Tahir Zaman

Personal information
- Born: 6 March 1969 (age 57) Gojra, Pakistan

Medal record
Men's field hockey
Representing Pakistan
World Cup
| Gold medal – first place | 1994 Sydney |  |
Olympic Games
| Bronze medal – third place | 1992 Barcelona | Team competition |

= Tahir Zaman =

Pakistani field hockey player (born 1969)

Tahir Zaman (born 6 March 1969) is a former hockey player from Pakistan who had played in the 1992 Olympics at Barcelona, Spain. He was part of the gold-medal winning Pakistan team at both the 1990 Asian Games, and the 1994 Hockey World Cup. Zaman, who was the team captain at the 1992 Olympics, later served as coach for the team and took part in the 2002 Commonwealth Games.
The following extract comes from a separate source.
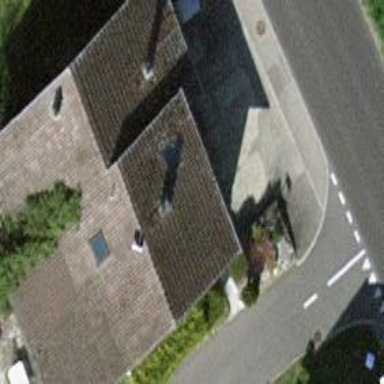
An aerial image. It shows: Detached building.
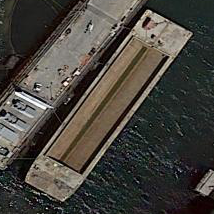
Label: civil
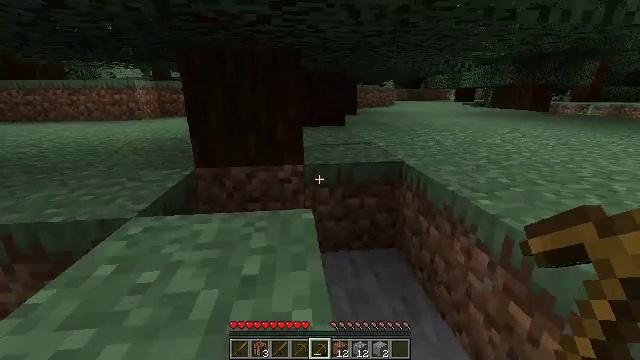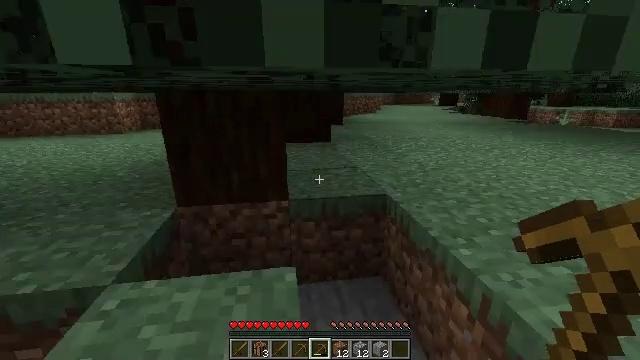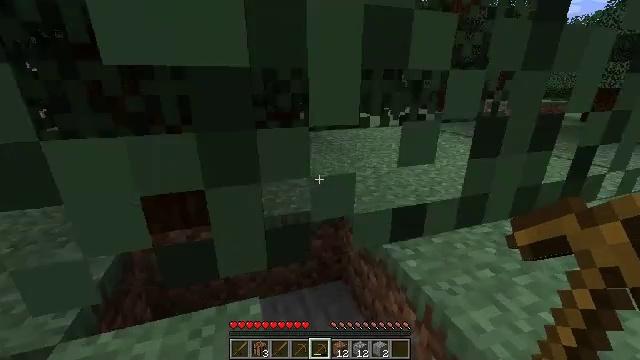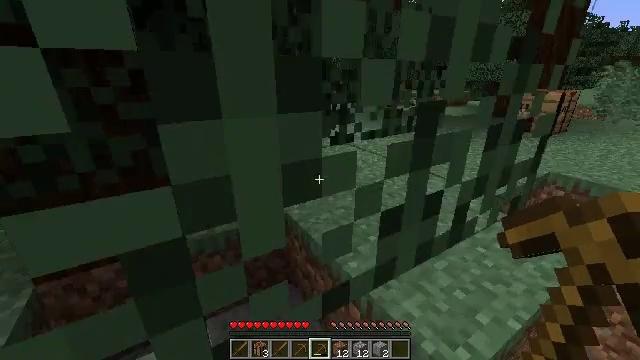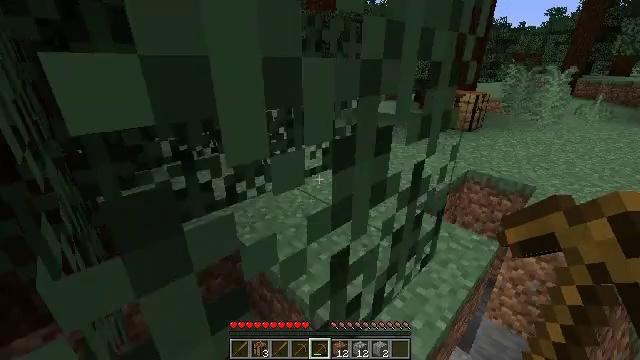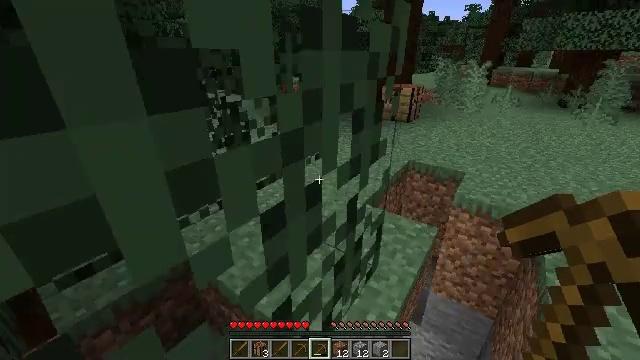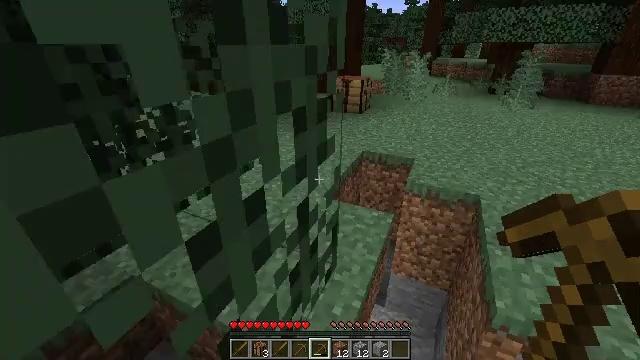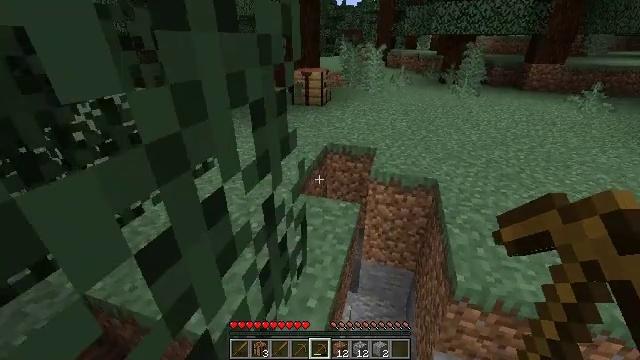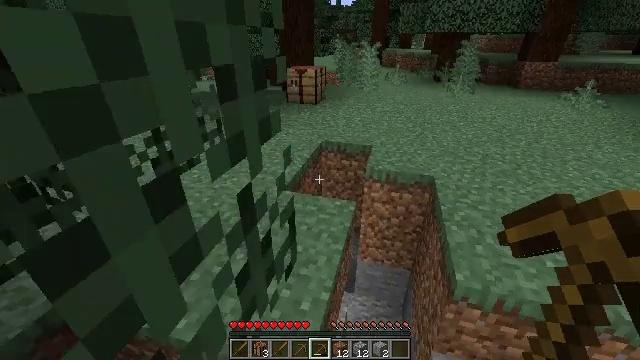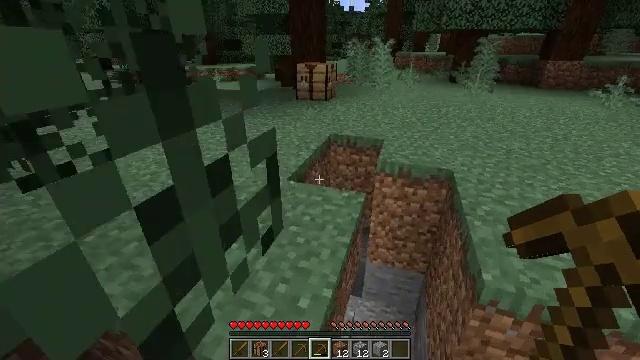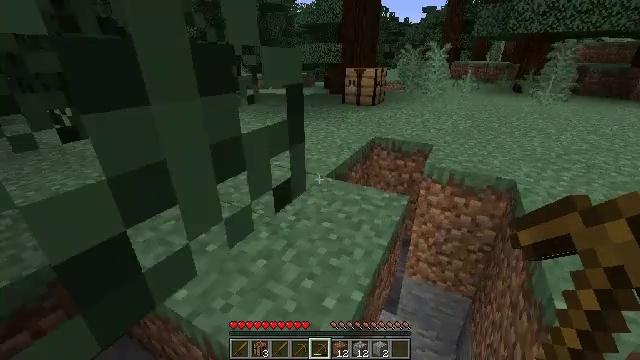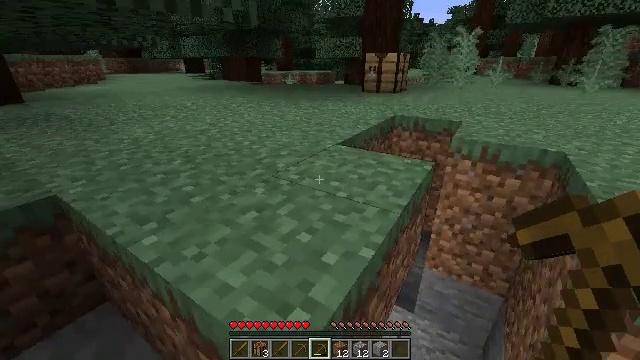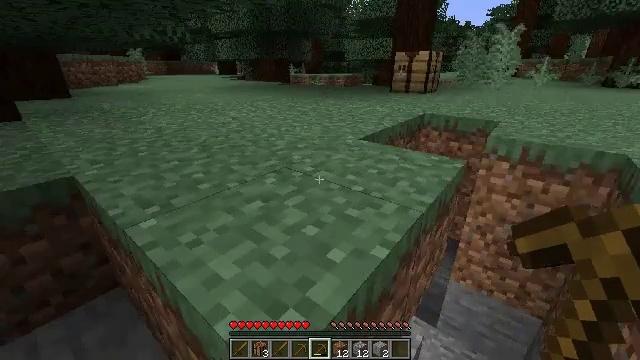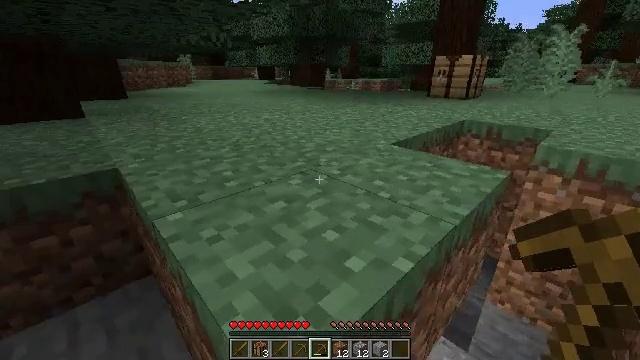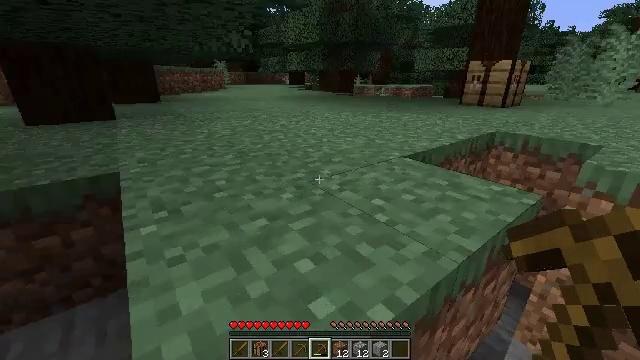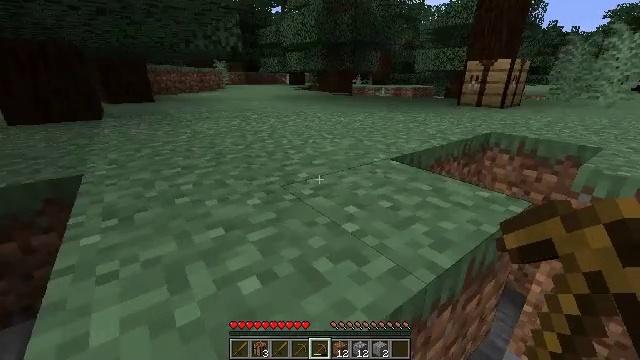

Zaman also took part in the Olympic Solidarity Hockey Coaching Course as part of the International Hockey Federation's efforts to promote hockey in Asia. Tahir also played a key role in 1994 World Cup victory for Pakistan in Sydney, Australia. Tahir Zaman played in a forward position as a striker and was capped 252 times with 134 goals to his credit.

==Awards==
- Pride of Performance Award by the President of Pakistan in 1994.